TASK OBJECTIVE - Your output must reproduce all the records below precisely and contain no pictures.

TASK MATERIAL -
····················

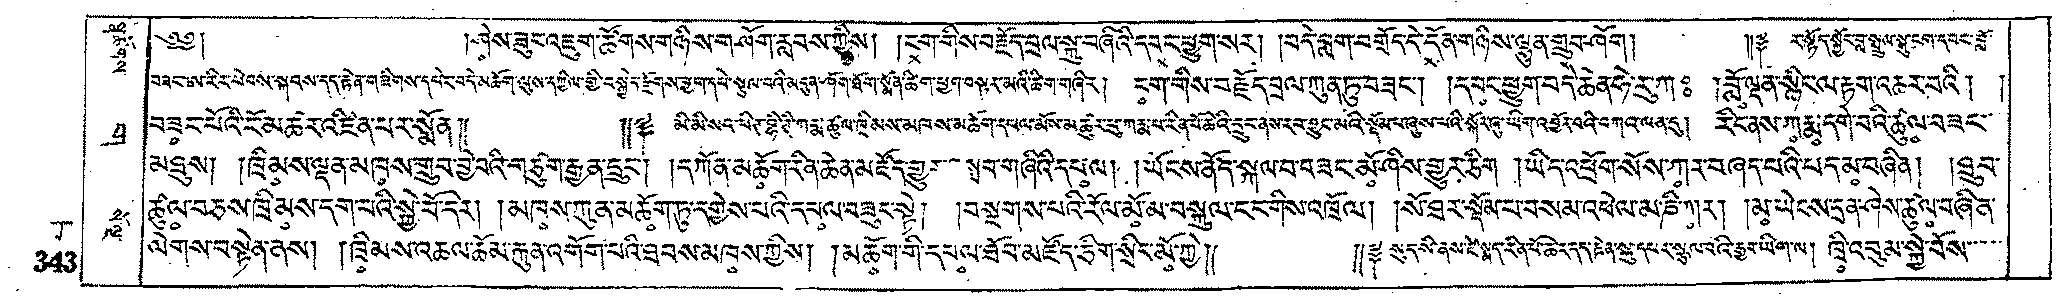༄༅། །ཤེས྾་ཟུང་འཇུག་ཚོགས་གཉིས་གཤོག་རླབས་ཀྱིས། །ངག྾་གིས་བརྗོད་བྲལ་སྐུ་བཞིའི་དབང་ཕྱུག་སར། །བདེ་བླག་བགྲོད་དེ་དོན་གཉིས་ལྷུན་གྲུབ་ཤོག ། །། འ་ར་སྟོད་སྐྱོང་བླ་སྤྲུལ་སྐུ་ངག་དབང་བློ་
བཟང་ཨ་རིར་ཕེབས་སྐབས་དད་རྟེན་གཟིགས་དཔེར་བདེ་མཆོག་ལུས་དཀྱིལ་གྱི་བསྐྱེད་རྫོགས་ཕྱག་དཔེ་སྩལ་བའི་མདུན་ཤོག་ཐོག་སྨོན་ཚིག་ཕྱག་བསྟར་མའི་ཚིག་གཞིར། ངག྾་གིས་བརྗོད་བྲལ་ཀུན་ཏུ་བཟང་། །དབང྾་ཕྱུག་བདེ་ཆེན་ཧེ་རུ་ཀཿ །བློ྾་ལྡན་སྙིང་ལ་རྟག་འཆར་བའི། །
བཟང྾་པོའི་ངོ་མཚར་འཛིན་པར་སྨོན།། །། འ་མི་མི་སབ་ཕིཊ་བྷི་ཊི་ཀརྨ་ཚུལ་ཁྲིམས་མཁས་མཆོག་དཔལ་མོས་མཚུར་ཕུ་ཀརྨ་པ་རིན་པོ་ཆེའི་དྲུང་ནས་རབ་བྱུང་མའི་སྡོམ་པ་ཞུས་པའི་སྐོར་ཞུ་ཡིག་འབྱོར་བའི་བཀའ་ལན་དུ།  རིང་ནས་ཀརྨ྾་དགེ་བའི་ཚུལ྾་བཟང་་་
མཐུས། །ཁྲིམས྾་ལྡན་མཁས྾་གྲུབ་བྱེ་བའི་གཙུག་རྒྱན་དྲུང་། །དཀོན་མཆོག྾་རིན་ཆེན་མཛོད་གྱུར་བསླབ་གཞིའི་དཔལ྾། །ཡོངས་ནོད་སྐལ་བ་བཟང་མོ྾་ཤིས་གྱུར་ཅིག །ཡིད་འཕྲོག་སོས་ཀར྾་བཞད་པའི་པད་མ྾་བཞིན། །ཐུབ་
ཚུལ྾་བཅས་ཁྲིམས྾་དག་པའི་སྐྱེ་བོ་དེར། །མཁས྾་ཀུན་མཆོག྾་ཏུ་དགྱེས་པའི་དཔལ྾་བཟུང་སྟེ། །བསྔགས་པའི་རོལ་མོ྾་མ་བསྐུལ་ངང་གིས་འཁྲོལ། །སོ་ཐར་སྡོམ་པ་བསམ་འཕེལ་མ་ཎི་ཀར྾། །མ྾་ཡེངས་དྲན་ཤེས་ཚུལ྾་བཞིན་
ལེགས་བསྟེན་ནས། །ཁྲིམས྾་འཆལ་ཆོམ་རྐུན་འགོག་པའི་ཐབས་མཁས྾་ཀྱིས། །མཆོག྾་གི་དཔལ྾་ཐོབ་མཛོད་ཅིག་སྲིང་མོ྾་ཀྱེ།། །། འ་སུད་སི་ནས་ཛེ་སྨད་རིན་པོ་ཆེར་དད་རྟེན་སྐུ་དཔར་སྩལ་བའི་རྒྱབ་ཡིག་ལ།  ཁྲི྾་འབུམ་སྐྱེ་བོས་་་

····················

SOLUTION -
༄༅། །ཤེས྾་ཟུང་འཇུག་ཚོགས་གཉིས་གཤོག་རླབས་ཀྱིས། །ངག྾་གིས་བརྗོད་བྲལ་སྐུ་བཞིའི་དབང་ཕྱུག་སར། །བདེ་བླག་བགྲོད་དེ་དོན་གཉིས་ལྷུན་གྲུབ་ཤོག ། །། འ་ར་སྟོད་སྐྱོང་བླ་སྤྲུལ་སྐུ་ངག་དབང་བློ་
བཟང་ཨ་རིར་ཕེབས་སྐབས་དད་རྟེན་གཟིགས་དཔེར་བདེ་མཆོག་ལུས་དཀྱིལ་གྱི་བསྐྱེད་རྫོགས་ཕྱག་དཔེ་སྩལ་བའི་མདུན་ཤོག་ཐོག་སྨོན་ཚིག་ཕྱག་བསྟར་མའི་ཚིག་གཞིར། ངག྾་གིས་བརྗོད་བྲལ་ཀུན་ཏུ་བཟང་། །དབང྾་ཕྱུག་བདེ་ཆེན་ཧེ་རུ་ཀཿ །བློ྾་ལྡན་སྙིང་ལ་རྟག་འཆར་བའི། །
བཟང྾་པོའི་ངོ་མཚར་འཛིན་པར་སྨོན།། །། འ་མི་མི་སབ་ཕིཊ་བྷི་ཊི་ཀརྨ་ཚུལ་ཁྲིམས་མཁས་མཆོག་དཔལ་མོས་མཚུར་ཕུ་ཀརྨ་པ་རིན་པོ་ཆེའི་དྲུང་ནས་རབ་བྱུང་མའི་སྡོམ་པ་ཞུས་པའི་སྐོར་ཞུ་ཡིག་འབྱོར་བའི་བཀའ་ལན་དུ།  རིང་ནས་ཀརྨ྾་དགེ་བའི་ཚུལ྾་བཟང་་་
མཐུས། །ཁྲིམས྾་ལྡན་མཁས྾་གྲུབ་བྱེ་བའི་གཙུག་རྒྱན་དྲུང་། །དཀོན་མཆོག྾་རིན་ཆེན་མཛོད་གྱུར་བསླབ་གཞིའི་དཔལ྾། །ཡོངས་ནོད་སྐལ་བ་བཟང་མོ྾་ཤིས་གྱུར་ཅིག །ཡིད་འཕྲོག་སོས་ཀར྾་བཞད་པའི་པད་མ྾་བཞིན། །ཐུབ་
ཚུལ྾་བཅས་ཁྲིམས྾་དག་པའི་སྐྱེ་བོ་དེར། །མཁས྾་ཀུན་མཆོག྾་ཏུ་དགྱེས་པའི་དཔལ྾་བཟུང་སྟེ། །བསྔགས་པའི་རོལ་མོ྾་མ་བསྐུལ་ངང་གིས་འཁྲོལ། །སོ་ཐར་སྡོམ་པ་བསམ་འཕེལ་མ་ཎི་ཀར྾། །མ྾་ཡེངས་དྲན་ཤེས་ཚུལ྾་བཞིན་
ལེགས་བསྟེན་ནས། །ཁྲིམས྾་འཆལ་ཆོམ་རྐུན་འགོག་པའི་ཐབས་མཁས྾་ཀྱིས། །མཆོག྾་གི་དཔལ྾་ཐོབ་མཛོད་ཅིག་སྲིང་མོ྾་ཀྱེ།། །། འ་སུད་སི་ནས་ཛེ་སྨད་རིན་པོ་ཆེར་དད་རྟེན་སྐུ་དཔར་སྩལ་བའི་རྒྱབ་ཡིག་ལ།  ཁྲི྾་འབུམ་སྐྱེ་བོས་་་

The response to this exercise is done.